None have been entirely successful. Even in the present day, traditional media have yet to find a profitable business model for their online services. These operations are generally run in the red - or if they are not losing money on their own books, it is because the cost of content development is attributed to the traditional channels.

Experimentation is also underway example, the television industry, which largely used the Web to promote viewership for their broadcast, is now productizing its content, selling episodes of programs through iTunes, though they remain concerned that delivering video online (in a "national" format) may be detrimental to their existing audiences (and the ability to deliver local content) - and that it may enable production companies that produce serialized entertainment to bypass them as a distributor.

The Wall Street Journal seems to be an isolated success story. It has been able to provide a subscription-based site that generates substantial income, and has drawn sufficient readership to remain appealing to advertisers.

Observable Content and Format Changes

When mass media wandered onto the net, there was not much change in their content. Their stories, photos, and media were merely reformatted for the new medium ad shoveled online. Competition from other sources is causing a change in this approach, as content must be developed specifically for the medium in order to succeed against the Web-native content.

Additionally, the barrier to entry in the new medium is extremely low: anyone (even individuals) can produce content without the significant investment in infrastructure that is required in traditional mass media channels. The "citizen journalist" has been a formidable force and citizen journalists as a whole have provided much broader and immediate coverage than traditional media.

Traditional media scoff at amateur efforts, feeling that amateur reporters lack the credibility of mass media - but a 2005 Gallup poll found that only 28% of Americans have confidence in television news or newspapers. Also, the Internet is dissimilar to traditional media in that it is not a one-way broadcast, but a multi-party conversation, so an amateur journalist has many editors and collaborators to support (or discredit) his story.

The resistance, even hostility, traditional media have shown to audience participation is, in that way, an obstacle to their success, an a detriment to their credibility. In recognition of this, more and more media outlets are open to including reader comments and reactions, but generally in a way that's removed from the "real" story. As such, it remains a sideshow rather than an integral part, which differentiates traditional media from Web media.

Traditional media remain strong in the entertainment sphere, and there have been few attempts to date of amateurs attempting to create the equivalent of a feature-length film or television series. However, the popularity of the Blogosphere and media-sharing sites such as YouTube are analogous to reality television programs, and their audiences continue to swell.

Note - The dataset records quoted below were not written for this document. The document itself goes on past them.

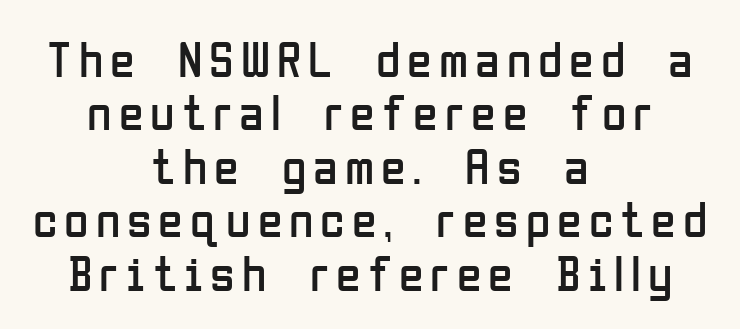
Is this a fixed-width face? No — the glyphs have proportional, varying widths. Layout note: lines centered. The area under the type is left untouched. One glance says dense: line gaps are narrower than usual.
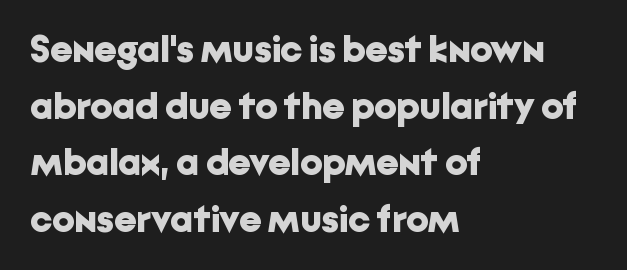
Q: Is the text bold? A: Yes.
Q: Is the text italic (slanted)? A: No, it is upright.
Q: Is the typeface a serif or a sans-serif typeface? A: Sans-serif.
Q: Is the text underlined? A: No.
Q: How is the paragraph aligned? A: Left-aligned.
Q: Is the spacing between letters normal or unusually wide? A: Normal.
Q: Is the spacing between lines tight, normal or loose? A: Normal.
Q: Width (condensed, normal, or wide)? A: Normal.
Q: Stroke contrast? A: Low.
Q: x-height? A: Medium.
Q: Monospaced? A: No.
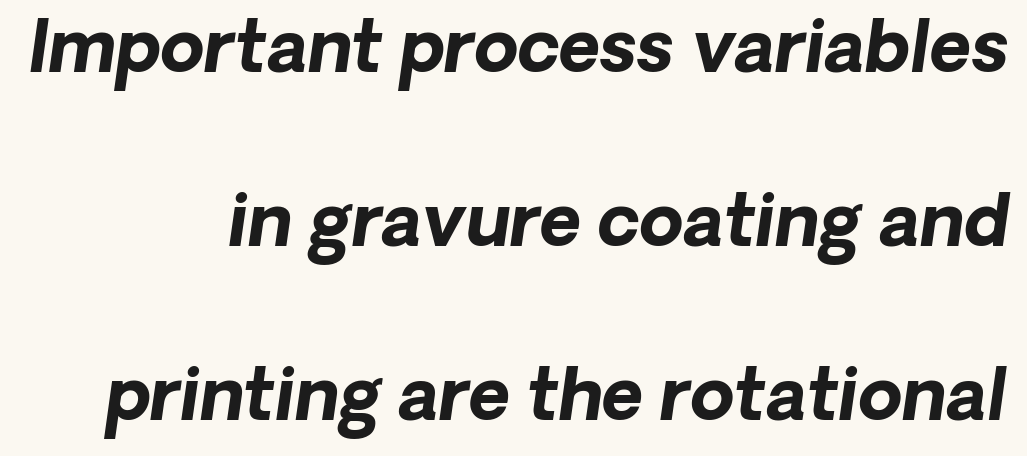
Q: Is the text bold? A: Yes.
Q: Is the text italic (slanted)? A: Yes, it leans right by about 8 degrees.
Q: Is the text underlined? A: No.
Q: How is the paragraph aligned? A: Right-aligned.
Q: Is the spacing between letters normal or unusually wide? A: Normal.
Q: Is the spacing between lines tight, normal or loose? A: Loose.
Q: Width (condensed, normal, or wide)? A: Normal.
Q: Stroke contrast? A: Low.
Q: x-height? A: Medium.
Q: Monospaced? A: No.
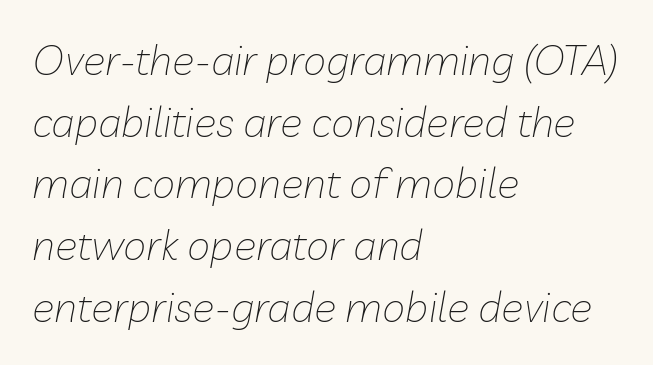
Characters are canted at an angle relative to the baseline's perpendicular. The block of text has a typical density, with ordinary space between rows. Character widths vary here, with narrow letters taking less room than wide ones. There is no visible air inserted between adjacent glyphs. Bare-footed words on every line.
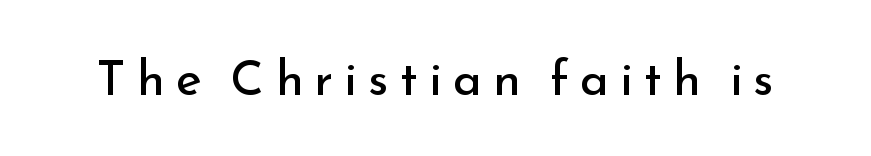
{"serif": "no", "italic": "no", "bold": "no", "weight": "regular", "width": "normal", "stroke_contrast": "low", "x_height": "small", "monospaced": "no", "underline": "no", "letter_spacing": "wide", "letter_spacing_em": 0.23, "glyph_px": 49}
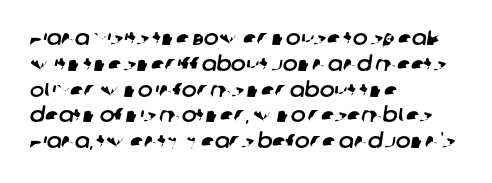
Q: Is the text underlined? A: No.
Q: How is the paragraph aligned? A: Left-aligned.
Q: Is the spacing between letters normal or unusually wide? A: Normal.
Q: Is the spacing between lines tight, normal or loose? A: Normal.
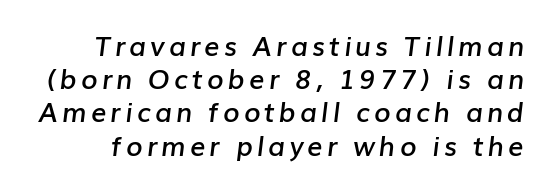
Q: Is the text bold? A: Semi-bold.
Q: Is the text italic (slanted)? A: Yes, it leans right by about 7 degrees.
Q: Is the text underlined? A: No.
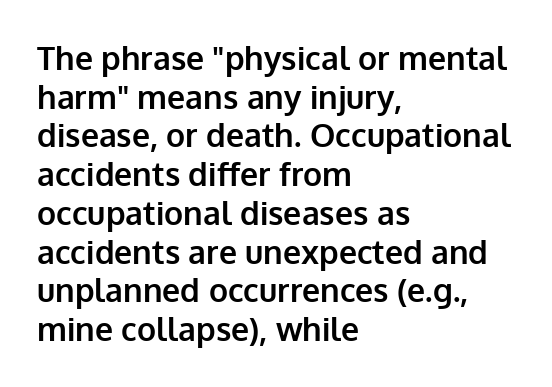
{"serif": "no", "italic": "no", "bold": "yes", "weight": "bold", "width": "normal", "stroke_contrast": "low", "x_height": "medium", "monospaced": "no", "underline": "no", "align": "left", "line_spacing_ratio": 1.21, "letter_spacing": "normal", "letter_spacing_em": 0.0, "glyph_px": 32}
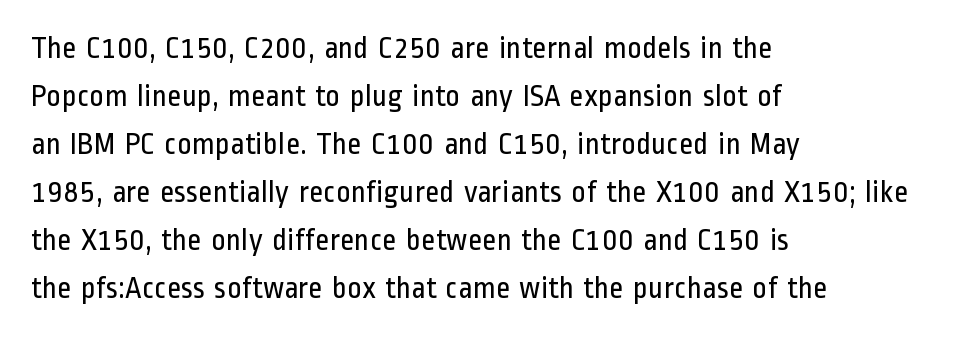
{"serif": "no", "italic": "no", "bold": "no", "weight": "regular", "width": "condensed", "stroke_contrast": "low", "x_height": "medium", "monospaced": "no", "underline": "no", "align": "left", "line_spacing": "normal", "line_spacing_ratio": 1.55, "letter_spacing": "normal", "letter_spacing_em": 0.0, "glyph_px": 31}
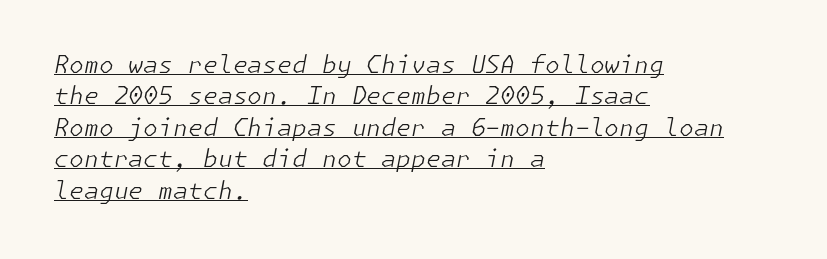
The image shows 24 px text type, italic (leaning right); set left-aligned, normal line spacing (1.31x), normal letter spacing, underlined.
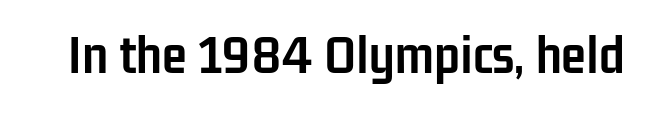
{"serif": "no", "italic": "no", "bold": "yes", "weight": "semibold", "width": "condensed", "stroke_contrast": "low", "x_height": "medium", "monospaced": "no", "underline": "no", "letter_spacing": "normal", "letter_spacing_em": 0.0, "glyph_px": 57}
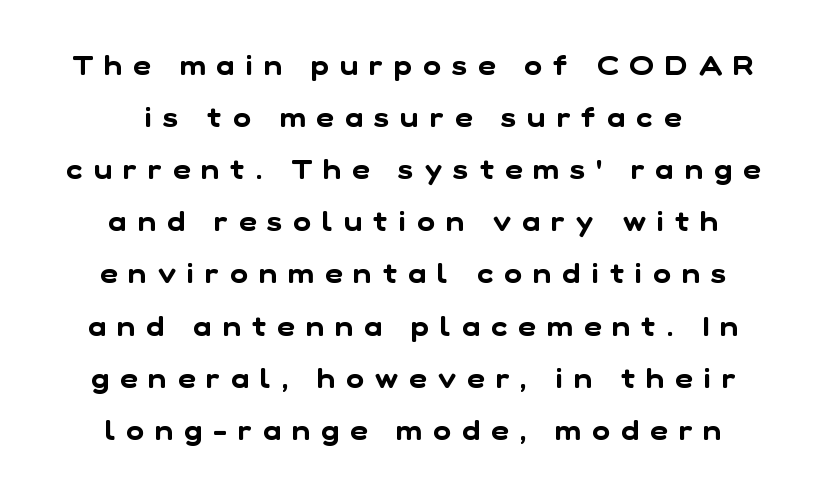
The gaps between neighbouring characters are conspicuously large. Students, observe: this is what heavily led, spacious text looks like. Each row of text sits above clean, open space. Each line is balanced around a shared central axis.
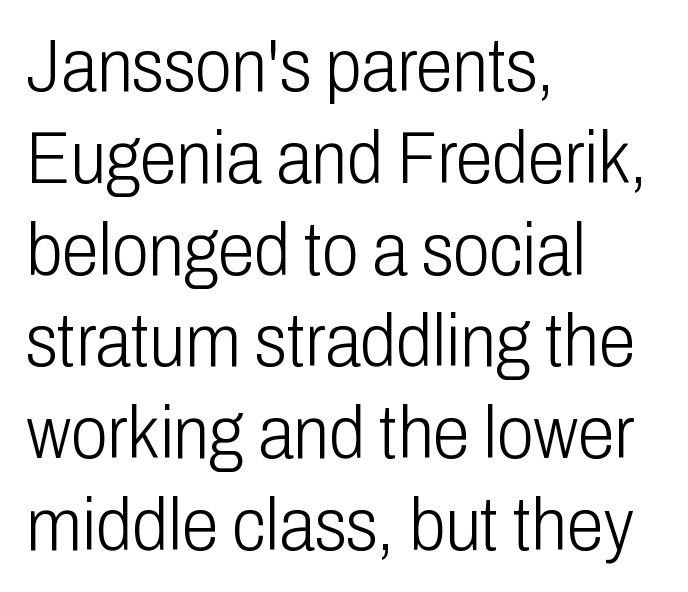
Leftover space on each line is placed entirely after the last word. Italic? Not at all — the glyphs are vertical. Each letter's strokes conclude bluntly, with no projecting serifs. This rendering leaves character spacing at its baseline value.
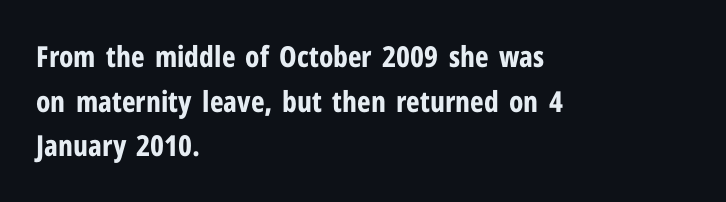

And yet, the media seem dismissive of such phenomena, dismissing them as a "youth space" of interest only to adolescents. However, this echoes their disdain for the medium in general, and exemplifies the same short-sightedness: as these "youth" mature, will they grow out of their preference for the online medium, or will traditional media find that they have missed their opportunity to engage their future audience.

What's Next

The question remains: will traditional media executives continue to stand by and watch their audience and authority dwindle? To date, they have not shown an earnest effort in gaining a foothold online, and it is suspected that they may never become "true digital natives."

At best, one pundit suggests that the two might combine to overcome each of their weaknesses, though there is no evidence that they are willing to do so, nor any sign of progress in that direction.